This photo is taken at Blake Island about 10 years ago. Most recent one I found with the ring still attached was 1 year ago at obstruction pass state park. I can't find the photo right now though.









MedSailor


----------



## vega1860 (Dec 18, 2006)

We spent a total of three years in that area; one year out of Friday Harbor, after a five month refit at Port Townsend, then 18 months out of Shilshole Bay before sailing back to Hawaii and on to Alaska.

+1 Everything Alex W said. I would only add that you should make sure what ever boat you choose has a good engine and emphasize the importance of paying attention to the tides and currents.


----------



## northwestsailor (Feb 24, 2009)

First, thank you to all of you for your thoughtful responses! Second: No, NO --- I didn't say we wouldn't be staying overnight (it's hard to do a weekend cruise without staying overnight) --- I said we weren't planning to do any overnight *sailing*. That is, we intend to plan our trips such that we are at anchor or a dock or a mooring by 5 pm in the summer.

This doesn't mean that we don't intend to keep up night sailing skills (which can, in fact, be done during daytime); it means we plan to be sailing at night only by accident or misfortune, not design.

I hadn't thought that an outboard engine would not have enough power to get us through the high-current passes (of which we do, as you suggest, have experience). On the Olson 30 that I raced on, there was only an outboard and the skipper took her everywhere including Desolation Sound and Tofino.

Would you please tell me more about why this is a bad idea?

I am totally committed to a dodger AND to a solid fuel heater in the saloon. What do you think of a cockpit enclosure that needs to be folder up vs. a SunShade product to which plastic sidecurtains could be velcroed to keep out the rain?

We are so happy to be coming back to the west coast, specifically home to the Pacific Northwest (albeit a bit south of our original home); we live in Washington DC right now and are racing on the Potomac. Challenging racing, actually, but just not the same.

More comments and pushback cheerfully accepted! Also, you need to know that I had to look up most of the terms (sa/d etc) that Alex used and I have learned a lot.

Do you have any specific recommendations regarding 27.5' to 29.5' boat?


----------



## MedSailor (Mar 30, 2008)

Actually, the olson 30 came to mind as my #1 choice for you. I'm not against an outboard, and for a light enough boat, it's enough power. You could end up in trouble trying to power into chop as the prop will come out of the water but if you're a "real" sailor (and I suspect you are) you should sail into said chop. 
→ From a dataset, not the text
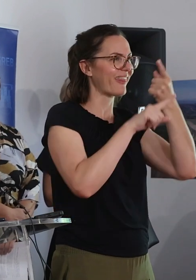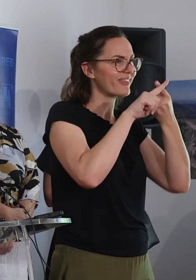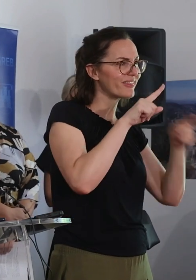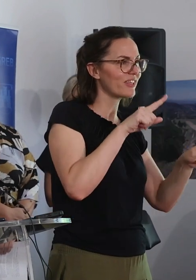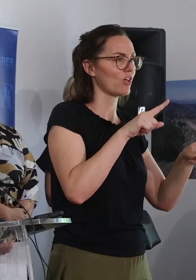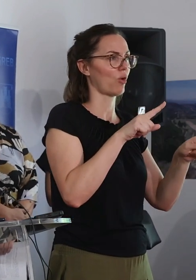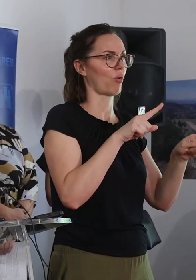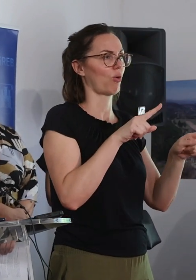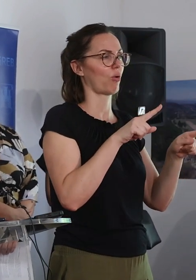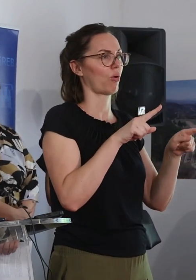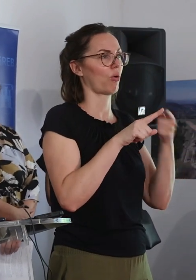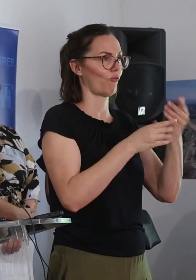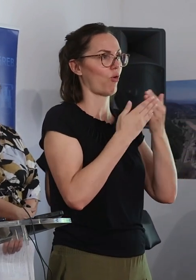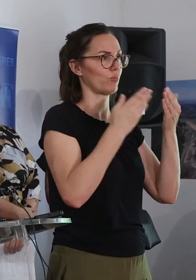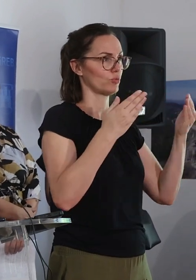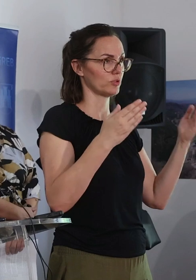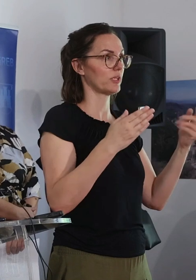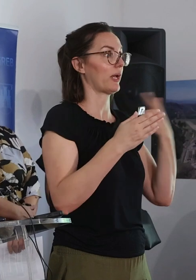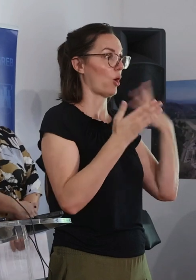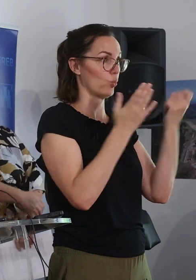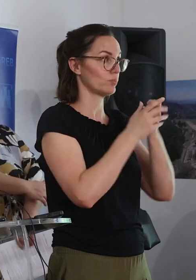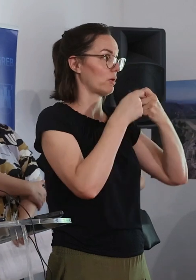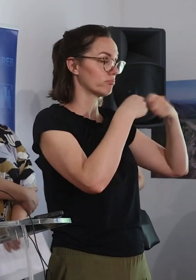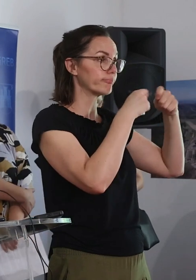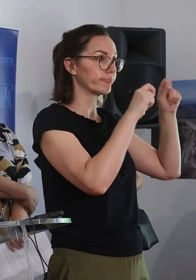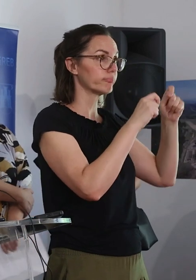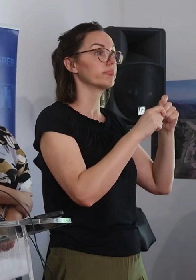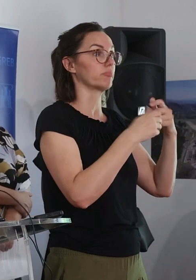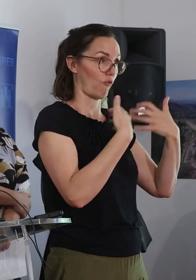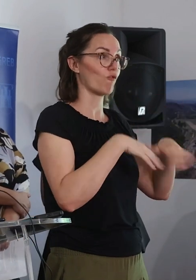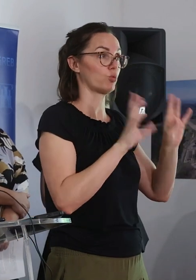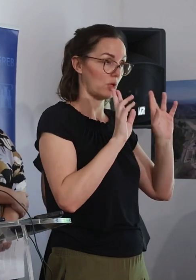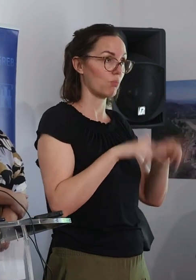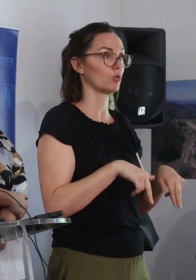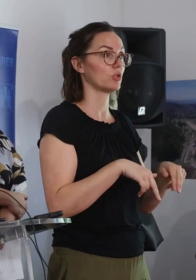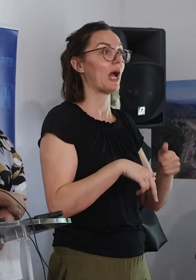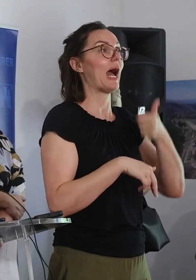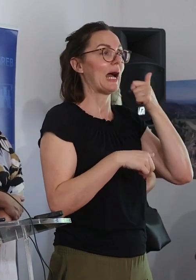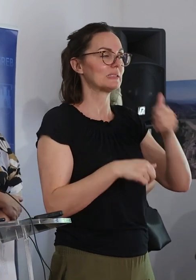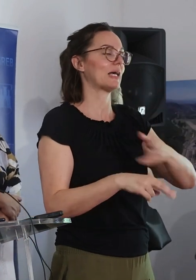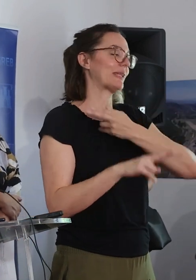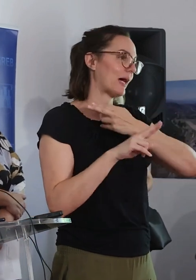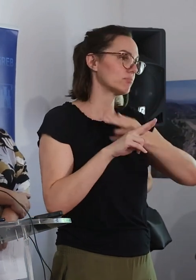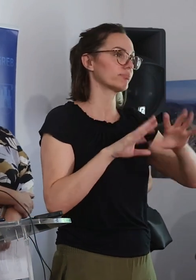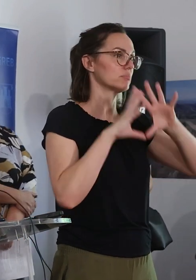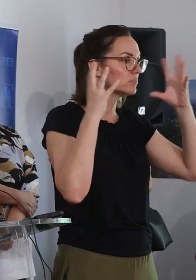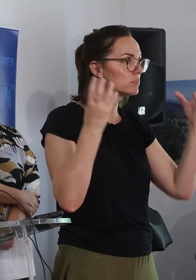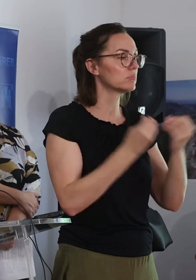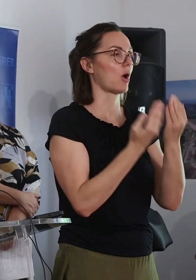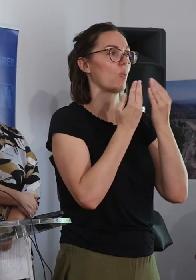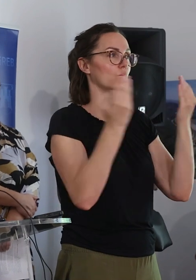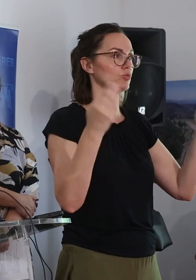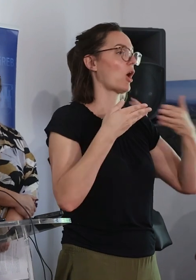zapravo muzeja koji je saniran i koji je bio u funkciji, a evo sada u punini, kao što se čuli od ravnatelja, se

Thanks for clarifying the overnight issue. Now we can move on and turn this into an anchoring debate. hehehe 

Good on you for going with the solid fuel heater. I loved mine and while they have innumerable drawbacks, the warmth and romance of the solid fuel stove can't be beat. Consider using duraflame logs cut into thirds. I tried every fuel imaginable and these were the best by far. They're wax impregnated so they're basically waterproof, they burn consistently and don't need much tending and they're DEFINITELY hot enough, but they are also cool compared to real wood. Real wood is easy to get the stove too hot and risk damaging the boat. a third of a log still lasts 3 hours, but with 1/3 of the heat (a good thing). 
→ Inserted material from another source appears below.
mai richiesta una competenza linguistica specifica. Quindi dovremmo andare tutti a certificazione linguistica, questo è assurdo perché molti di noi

I'm not sure what you have in mind for cockpit enclosures. Basically, to my mind, they come in two types. The cu$tom canvas type that can keep the rain, sun and wind off you while you're sailing, and the cheep and cheerful kind that you have to erect after you're done sailing. A simple boom tarp of light colored silnylon cloth and bungies to the lifelines often works well. 

MedSailor


----------



## barefootnavigator (Mar 12, 2012)

northwestsailor said:


> First, thank you to all of you for your thoughtful responses! Second: No, NO --- I didn't say we wouldn't be staying overnight (it's hard to do a weekend cruise without staying overnight) --- I said we weren't planning to do any overnight *sailing*. That is, we intend to plan our trips such that we are at anchor or a dock or a mooring by 5 pm in the summer.
> 
> This doesn't mean that we don't intend to keep up night sailing skills (which can, in fact, be done during daytime); it means we plan to be sailing at night only by accident or misfortune, not design.
> 
> ...


I sailed in the PNW engineless for several years without many issues and now I have a 6.5 4 stroke on a 7400 lb boat with zero issues.. A little bit of navigation is all you need, keep an eye on the weather and learn the patterns, its pretty predictable around here. It doesn't matter what boat you choose but when you find one come find us and we will serve you an average meal with below average wine " as much as you can drink" and hopefully above average company.


----------



## Marcaiche (Aug 30, 2014)

Concerning aux power, over the years on many occasions on vessels under 27' I was a proud member of the "Oar Club" in the Pacific Northwest...always seemed to me that too many "sailors" around our region are just powerboaters with a large sunscreen rigged above, often untrimmed. (not to mention the plethora of Mac 26's pulling tubes around with a 40 hp outboard on the back...truely sacrilegious! ha ha) Unless your schedule gets the best of you competent seamanship and knowledge concerning tides and currents will get you through. That being said the little diesel in my Cheoy Lee 27 was handy, though I rarely used it. In our numerous locales with stiff currents you had to wait them out regardless.
On the Electra I usually just use my trusty little Seagull to get clear of the docks when it's busy, and yank it to stowage. Rather be sailing than stinking anyway and with the Seagull you're not even tempted to just motorsail your way around. ;-)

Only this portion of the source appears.